# Bigfoot Killer E2100 need the "real drivers"



## sebaskitty (May 16, 2020)

so i got  a gigabyte g1 guerilla here. 

and since my replacement rtx 2070 super arrived i had to remove my add in pcie network card since it's slightly bigger than my old card..

the problem with the onboard killer E2100 NIC is some games have problems with connecting to their servers with the card. with the pcie card everything was fine.

now i've read that killer cards are rebranded qualcomm nic's with added crap software.

and the only drivers i found were windows 7 drivers that somehow actually installed.

but so far i haven't been successful finding out what exact nic this one exactly is using..

what driver do i need to get normal usage out of this nic?


----------



## Nike_486DX (May 16, 2020)

soo... Are you not running Windows 7? (if so, why?)
Actually there was a similar post on reddit where the guy was complaining about speed issues of the E2100 running under windows 10

__
		https://www.reddit.com/r/techsupport/comments/6zlfsi
So there was a recomendation to uninstall the *network suite, *maybe you might try to do that on your system and see if it helps?









						Intel Support
					

Intel® Customer Support home page




					support.killernetworking.com
				



that is the latest official driver, which claims to be compatible with Windows 8.1 (that is a newer version than the one listed on the Gigabyte's website)


----------



## sebaskitty (May 16, 2020)

Nike_486DX said:


> soo... Are you not running Windows 7? (if so, why?)
> Actually there was a similar post on reddit where the guy was complaining about speed issues of the E2100 running under windows 10
> 
> __
> ...


yeah i've tried unistalling the suite and stuff but that did not restore the problem (also noticed it has issues with forza horizon 4 now..) i'll try the windows 8.1 version of the driver now maybe that wil fix something.


----------



## IceShroom (May 16, 2020)

Which version of windows you are running?? Killer has recent driver for Windows 10. Windows 7/8.1 has different driver. Also if you dont want Killer driver basic Windows 10 driver works fine. Also activate the internal NIC in BIOS if you turned that off.


----------



## sebaskitty (May 16, 2020)

i got the latest version of windows 10 .. 

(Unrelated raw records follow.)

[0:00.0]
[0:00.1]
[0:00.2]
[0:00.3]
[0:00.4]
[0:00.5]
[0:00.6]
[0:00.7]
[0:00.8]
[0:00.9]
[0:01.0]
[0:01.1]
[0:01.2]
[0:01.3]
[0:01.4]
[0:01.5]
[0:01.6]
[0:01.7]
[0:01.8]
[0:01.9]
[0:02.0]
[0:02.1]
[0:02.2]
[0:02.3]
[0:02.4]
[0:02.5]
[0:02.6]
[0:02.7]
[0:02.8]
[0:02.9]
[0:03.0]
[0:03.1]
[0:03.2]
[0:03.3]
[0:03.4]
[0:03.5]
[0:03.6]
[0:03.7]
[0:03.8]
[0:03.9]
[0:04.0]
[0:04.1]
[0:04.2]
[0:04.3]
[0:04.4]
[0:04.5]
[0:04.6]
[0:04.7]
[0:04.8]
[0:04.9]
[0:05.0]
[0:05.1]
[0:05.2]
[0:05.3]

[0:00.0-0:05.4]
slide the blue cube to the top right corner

also installing that 8.1 driver seemed to have broken it more. 




the internet either quits entirely at times or the actual pc fully freezes


----------



## IceShroom (May 16, 2020)

sebaskitty said:


> i got the latest version of windows 10 ..
> 
> also installing that 8.1 driver seemed to have broken it more. View attachment 155445
> 
> the internet either quits entirely at times or the actual pc fully freezes


Strange. I am running driver form Killer website and it has no problem. Though my NIC is E2200.


----------



## sebaskitty (May 16, 2020)

yeah. hence why i'm trying to find out what chip this is so i can install the normal drivers. 
i did update to version pre release 2004 and that fixed my slow internet on google chrome. but multiplayer games are still half broken. i read on a dell forum killer drivers are responsible for teredo blocking


----------



## Nike_486DX (May 16, 2020)

How about installing Windows 7 on your system?
You will get a better OS, + full driver support...

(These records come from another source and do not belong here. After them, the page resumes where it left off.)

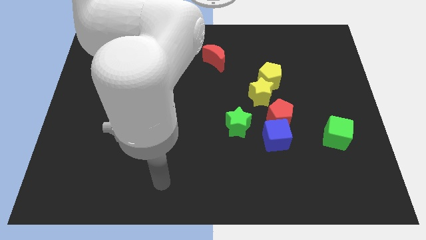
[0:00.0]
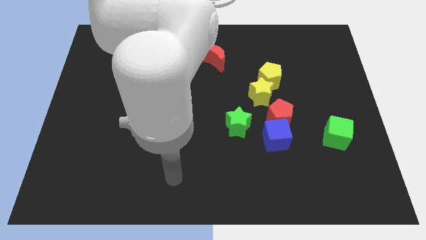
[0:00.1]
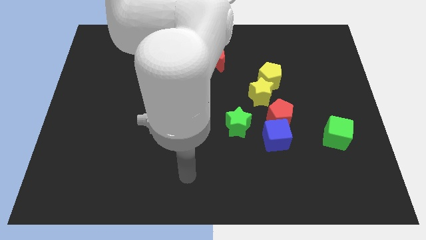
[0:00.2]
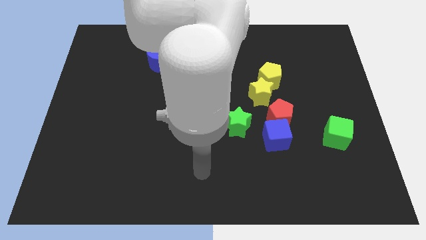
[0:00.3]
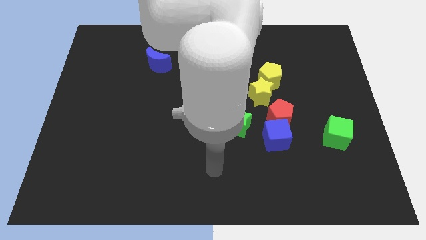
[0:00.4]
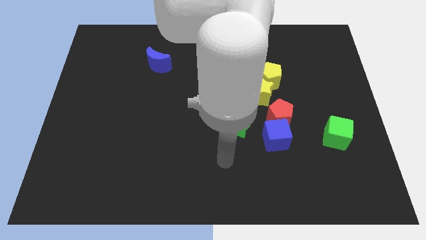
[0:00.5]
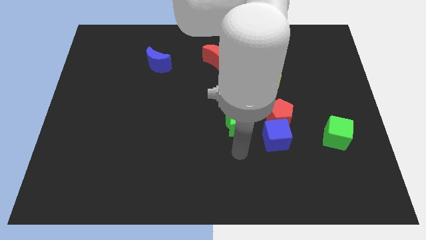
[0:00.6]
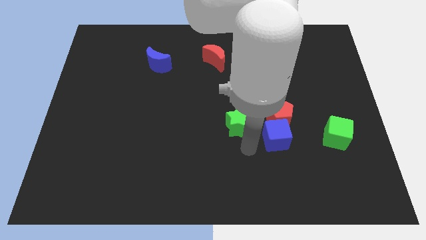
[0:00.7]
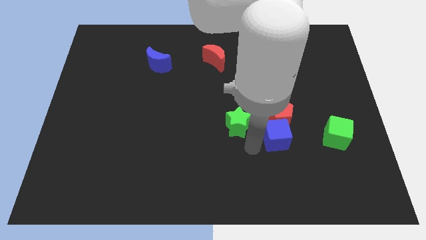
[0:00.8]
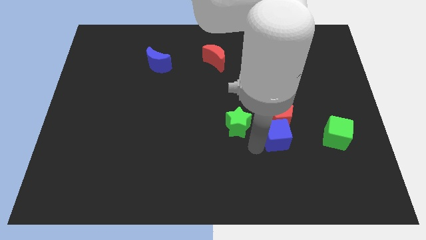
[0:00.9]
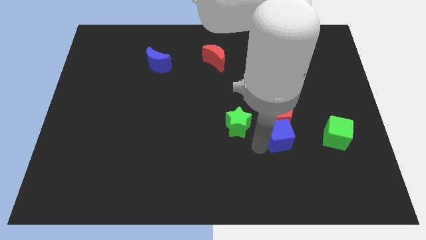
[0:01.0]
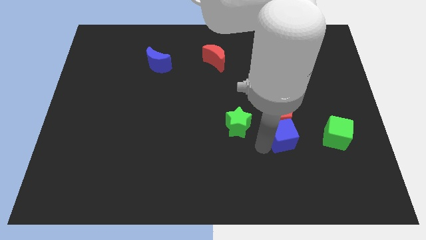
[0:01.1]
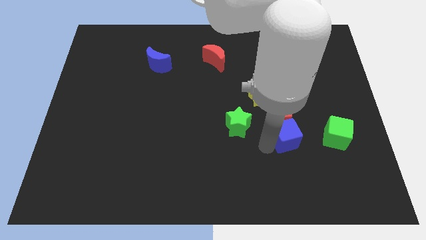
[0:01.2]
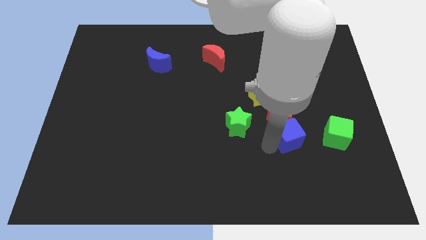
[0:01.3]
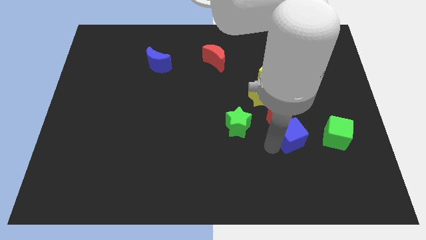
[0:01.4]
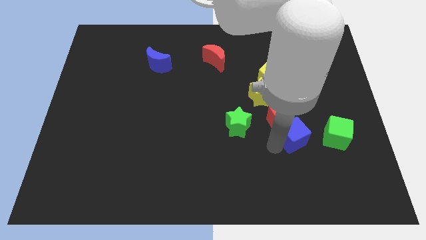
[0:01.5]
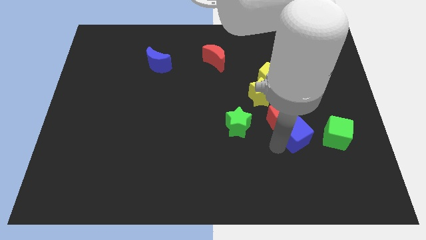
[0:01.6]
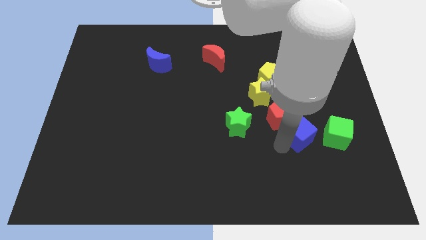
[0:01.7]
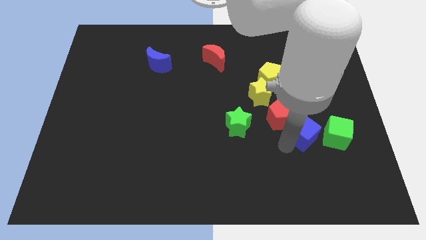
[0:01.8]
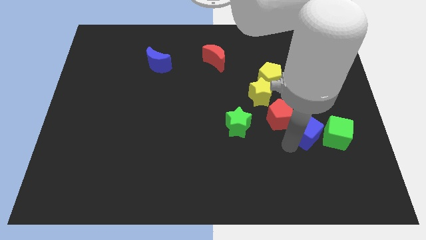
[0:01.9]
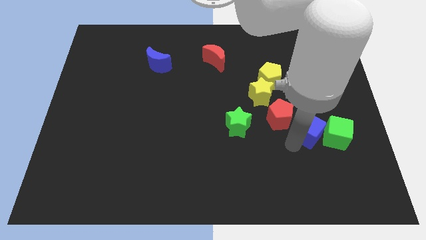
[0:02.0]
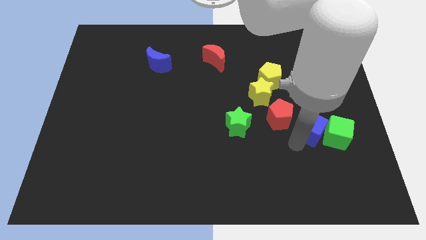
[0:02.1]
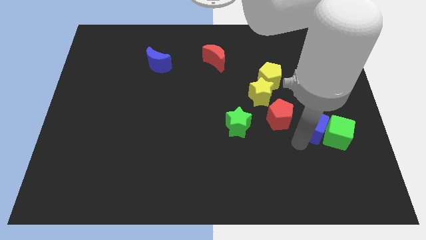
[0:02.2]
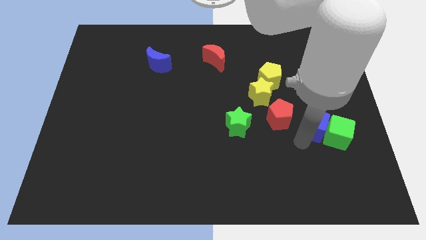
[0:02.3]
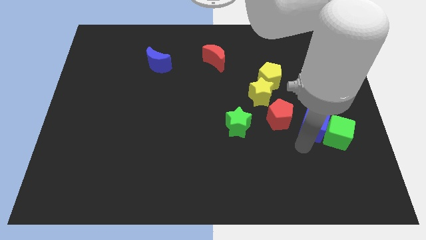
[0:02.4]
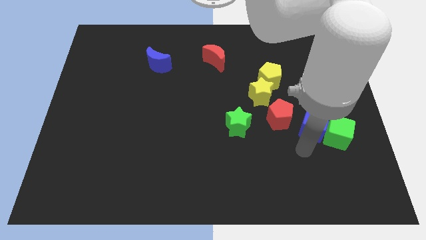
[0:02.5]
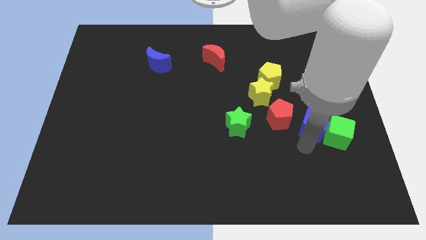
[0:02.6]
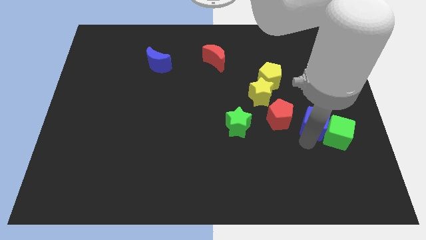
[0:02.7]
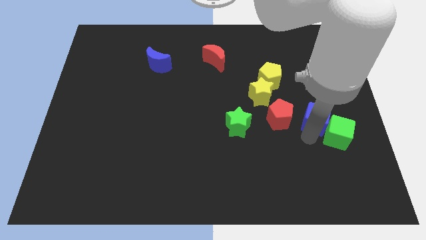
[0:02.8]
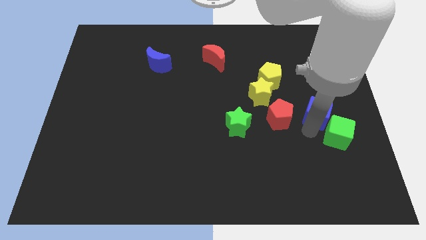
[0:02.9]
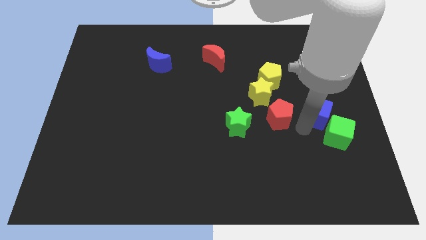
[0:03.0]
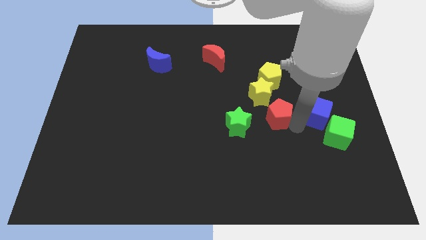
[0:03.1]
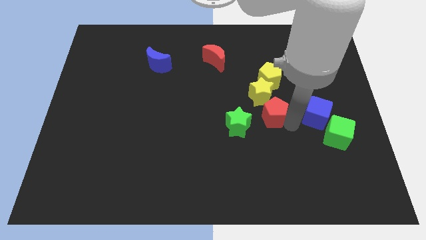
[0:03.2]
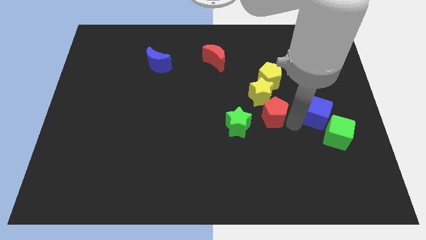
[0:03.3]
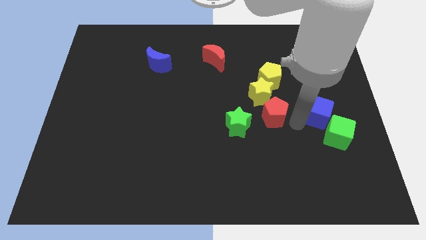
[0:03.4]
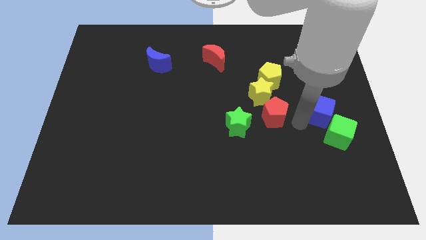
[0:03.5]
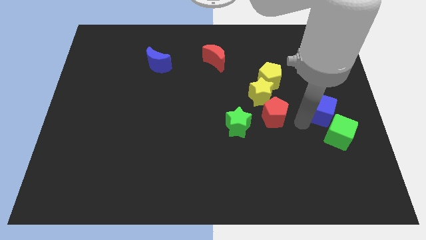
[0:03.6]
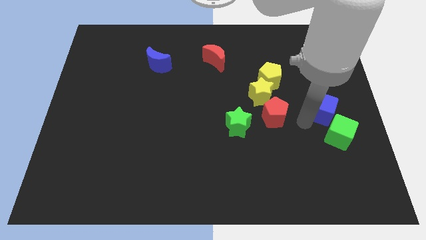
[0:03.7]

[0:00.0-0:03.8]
slide the blue cube to the right side

As an alternative, how about getting a cheapo USB3.0 Wifi dongle? (assuming that you have no free PCIe slots as you mentioned earlier)


----------



## IceShroom (May 16, 2020)

sebaskitty said:


> yeah. hence why i'm trying to find out what chip this is so i can install the normal drivers.
> i did update to version pre release 2004 and that fixed my slow internet on google chrome. but multiplayer games are still half broken. i read on a dell forum killer drivers are responsible for teredo blockingView attachment 155449


See if you can get a 2 slot RTX 2070 , so that it can free up space for the better NIC.


----------



## sebaskitty (May 19, 2020)

hmmm..... so its actually the killer nic that bsod's my pc too... i might attach a pcie extender cable and hide my nvme drive to get a pcie port...


----------